Joined: 11 Jul 2011 Posts: 50 Location: California Country:
Posted: Fri Jan 13, 2012 8:28 am Post subject:
^ ^ ^ True true true...
hpasspword wrote:
Stop, drop, break:
If something bad happens or will happen to a character, the person closely associated to him/her will drop and break a glass/plate/bowl he/she is holding.
...or the character freezes like hypnotized by the swelling siren of an ambulance or the roar of a helicopter....because Japanese medics and rescue teams use telepathy to monitor your mental state...and here they come flying to your rescue on a heart beat...or a brain pulse... _________________
Americans know the price of everything and the value of nothing.
--Oscar Wilde
Joined: 28 Jun 2005 Posts: 1777 Location: King Kong Massu's bed / EGG Country:
Posted: Sat Mar 10, 2012 8:47 pm Post subject:
Just to defend the little "parents are dead or divorced"-cliché a bit.
I read someone saying that Japan is one of the countries that have the fewest cases of divorced and have one of the longest lifespans.

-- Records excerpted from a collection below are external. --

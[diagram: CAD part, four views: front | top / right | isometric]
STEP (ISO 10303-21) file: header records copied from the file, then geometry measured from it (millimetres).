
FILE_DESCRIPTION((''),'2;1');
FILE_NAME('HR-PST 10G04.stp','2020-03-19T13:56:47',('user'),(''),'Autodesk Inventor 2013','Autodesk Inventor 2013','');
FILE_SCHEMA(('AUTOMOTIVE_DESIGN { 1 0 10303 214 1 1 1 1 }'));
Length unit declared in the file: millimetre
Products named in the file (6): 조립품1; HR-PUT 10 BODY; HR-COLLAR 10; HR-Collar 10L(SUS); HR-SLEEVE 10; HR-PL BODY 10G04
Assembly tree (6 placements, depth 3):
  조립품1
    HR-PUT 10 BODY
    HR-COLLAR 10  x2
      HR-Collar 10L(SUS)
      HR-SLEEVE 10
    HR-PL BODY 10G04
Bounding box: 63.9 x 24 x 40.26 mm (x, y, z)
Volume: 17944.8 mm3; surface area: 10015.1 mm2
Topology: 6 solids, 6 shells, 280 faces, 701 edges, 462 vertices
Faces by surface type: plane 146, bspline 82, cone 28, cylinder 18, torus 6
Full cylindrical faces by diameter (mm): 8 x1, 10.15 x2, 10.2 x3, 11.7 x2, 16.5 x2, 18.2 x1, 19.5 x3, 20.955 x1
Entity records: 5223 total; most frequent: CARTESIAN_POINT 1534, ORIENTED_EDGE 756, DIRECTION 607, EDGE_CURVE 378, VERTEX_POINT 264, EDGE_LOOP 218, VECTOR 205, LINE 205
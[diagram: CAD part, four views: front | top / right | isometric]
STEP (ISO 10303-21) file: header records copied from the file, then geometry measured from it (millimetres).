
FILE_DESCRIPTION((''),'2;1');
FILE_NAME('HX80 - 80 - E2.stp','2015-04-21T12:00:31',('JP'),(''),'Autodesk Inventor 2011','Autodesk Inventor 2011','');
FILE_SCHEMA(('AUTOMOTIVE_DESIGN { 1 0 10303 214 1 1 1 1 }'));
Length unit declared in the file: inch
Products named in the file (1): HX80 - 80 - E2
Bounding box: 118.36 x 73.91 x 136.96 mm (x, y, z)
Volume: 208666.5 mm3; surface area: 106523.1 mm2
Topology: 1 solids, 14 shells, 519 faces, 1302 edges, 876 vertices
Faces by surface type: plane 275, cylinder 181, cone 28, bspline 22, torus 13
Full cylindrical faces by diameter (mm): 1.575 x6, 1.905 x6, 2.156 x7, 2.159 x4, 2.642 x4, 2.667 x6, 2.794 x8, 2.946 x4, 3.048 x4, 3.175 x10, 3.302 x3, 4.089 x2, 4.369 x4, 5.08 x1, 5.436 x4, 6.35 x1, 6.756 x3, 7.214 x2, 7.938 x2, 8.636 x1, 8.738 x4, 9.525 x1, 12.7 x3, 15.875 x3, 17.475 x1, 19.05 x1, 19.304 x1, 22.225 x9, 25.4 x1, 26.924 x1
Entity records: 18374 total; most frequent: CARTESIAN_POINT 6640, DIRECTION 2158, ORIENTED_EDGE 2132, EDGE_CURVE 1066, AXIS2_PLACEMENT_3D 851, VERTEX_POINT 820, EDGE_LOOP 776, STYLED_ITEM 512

- Maybe that's why they like to tell stories like that just cause it is pretty uncommon, and that's why it's interesting...
But then all again, that can refers to every mentioned cliché, it just doesn't happen in real life.
My clichés are:
- When someone is about to tell their loved ones how they feel, they always end up not telling them. They take a really long time and finally says "ANOU SAAA" and then either something happens which makes the other part say "what were you going to say?" and then with a "nevermind, nothing important" calls it off, or someone of their friends come and interrupts the situatuion.
- When NO ONE ever confronts anyone. They either keep their sad past, the help they've given to their crush in secret to themselves, or leave the one they're having a conflict with alone and ignore them. Even if they later finds out what someone has actually done for them from someone else, they never seek up the person to have a serious talk about it.
- No one can EVER have a serious conversation about another person without being overheard by exactly THAT person they're talking about.
Ah, why am I still loving these crappy shows? <3 <3 _________________
Joined: 13 Apr 2007 Posts: 12122 Location: It was fun while it lasted. Country:
Posted: Mon Jun 18, 2012 10:11 am Post subject:
When someone opens their wallet and they are surprised its empty. Now the previous time they opened their wallet they knew they were taking out their last bill. What did they think, another bill would magically grow in their wallet???